В детстве я испытывал сильное чувство неловкости и жалости к отцу, которого нехорошие люди доводят до состояния бешенства, так что он вынужден ругаться матом. Наверное, это на меня так повлияло, что я никогда не употреблял и не употребляю матерных слов, хотя в детстве рос в окружении мата и на улице, и дома, и в школе. Люди, которые не могут обходиться без мата, как ни странно, вызывают у меня чувство жалости и сострадания как несчастные, обиженные судьбой.

Особенно напряжённые дни у отца были в случаях нередких разнообразных аварий в шахте (взрыв метана, обрушение кровли, завалы, затопления, пожар в подземных выработках и др.). Такие аварии почти никогда не обходились без человеческих жертв.
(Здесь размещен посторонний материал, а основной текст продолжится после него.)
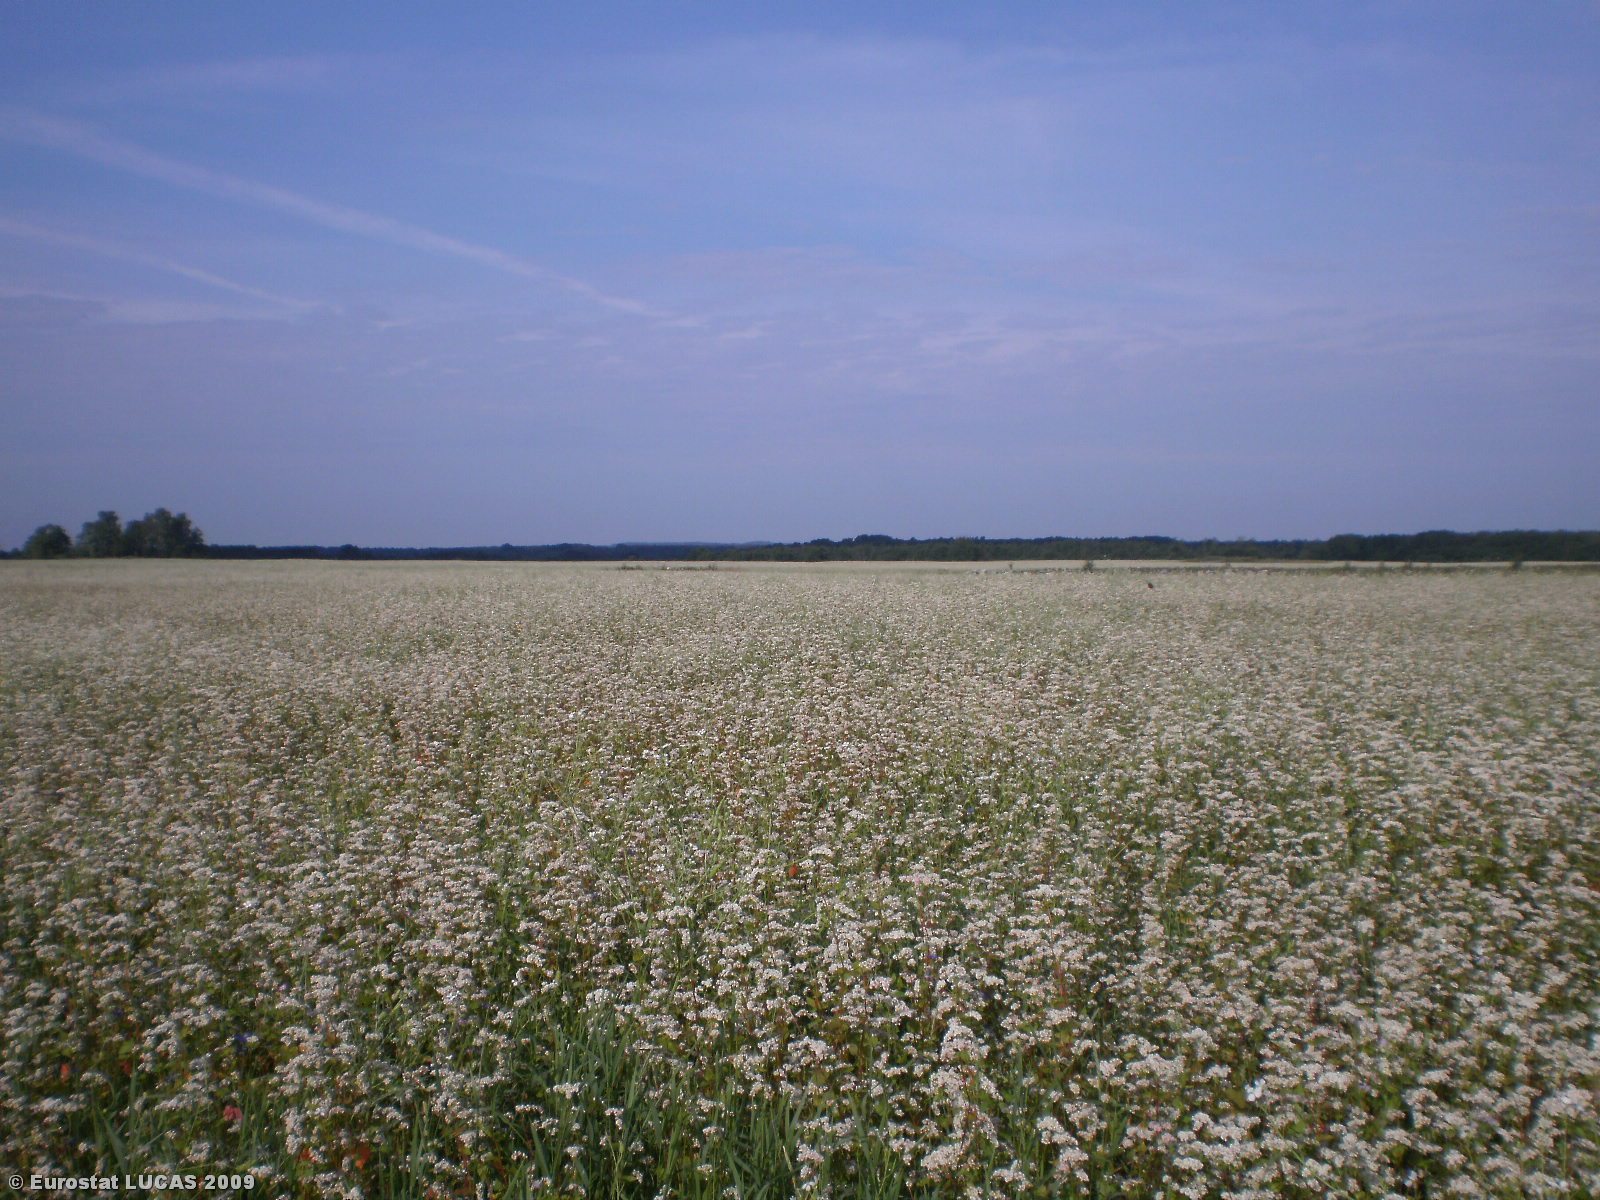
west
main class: Cropland
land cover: Other cereals
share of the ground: > 75 %
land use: Agriculture (excluding fallow land and kitchen gardens)
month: July
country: LT
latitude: 55.8466
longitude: 25.7661

Люди гибли или оставались калеками на всю жизнь. Когда в шахтёрском посёлке разносилась весть про аварию, жёны и дети шахтеров бежали на шахту и в тяжёлом, тоскливом ожидании стояли у ствола шахты, по которому поднималась клеть с горноспасателями и шахтёрами – живыми и мёртвыми. Как приговора ждали известия: жив ли наш, не покалечен ли?
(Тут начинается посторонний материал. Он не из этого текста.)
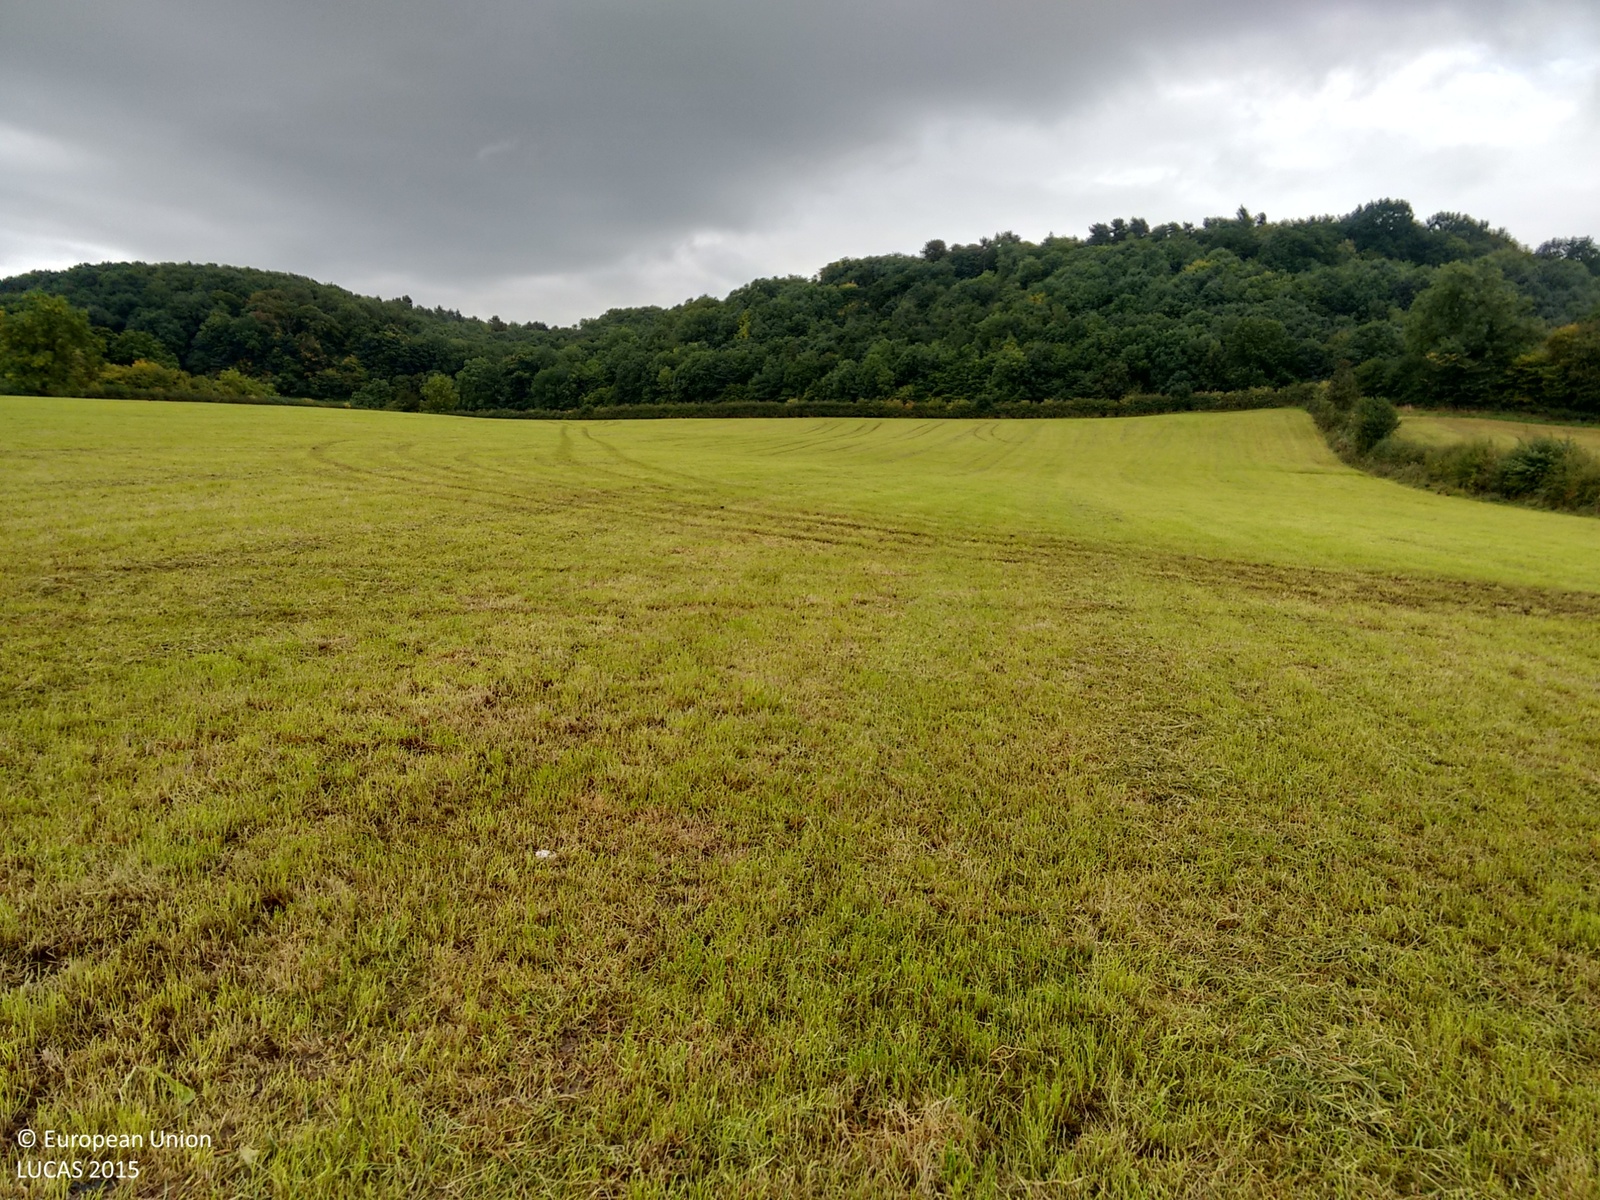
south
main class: Grassland
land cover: Grassland without tree/shrub cover
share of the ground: > 75 %
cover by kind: herbaceous plants 100 %
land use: Agriculture (excluding fallow land and kitchen gardens)
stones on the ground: < 10 %
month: September
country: GB
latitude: 52.8557
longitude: -1.8324

Когда срывался план угледобычи и гасла красная звезда на шахтном копре (звезда горит – план выполняется, звезда погасла – не выполняется), объявлялись так называемые «дни повышенной добычи» (ДПД). Бросались все силы, резервы, делалось всё возможное и невозможное, чтобы резко повысить угледобычу и «вытянуть план». В такие дни отец, бывало, по три дня не возвращался с работы домой. Мать еду носила ему на шахту.

Последствия разрушительной войны давали о себе знать не только в тяжёлых условиях труда. Отцу припомнили и то, что после подрыва шахты не смог пешком обогнать стремительно двигавшиеся на восток механизированные части немецких войск и оказался на оккупированной территории, и то, что попал в концлагерь.

Самым страшным оказалось то, что во время пертурбаций на оккупированной территории он утратил документы, в том числе партбилет, – в то время, пожалуй, самый важный для него документ.

После освобождения отец неоднократно обращался в партийные органы с просьбой о восстановлении партбилета и, соответственно, членства в партии. Получал отказы. Дошёл до первого секретаря Сталинского обкома партии. Тот тоже отказал в восстановлении в партии. Но, учитывая очень хорошие отзывы об отце со стороны товарищей по партии и работе, предложил ему вновь подать заявление о вступлении в партию. Отец это предложение не принял, посчитав неприемлемым вступать второй раз в партию, из которой не выходил. Но убеждений своих не поменял и до конца дней своих считал себя беспартийным коммунистом.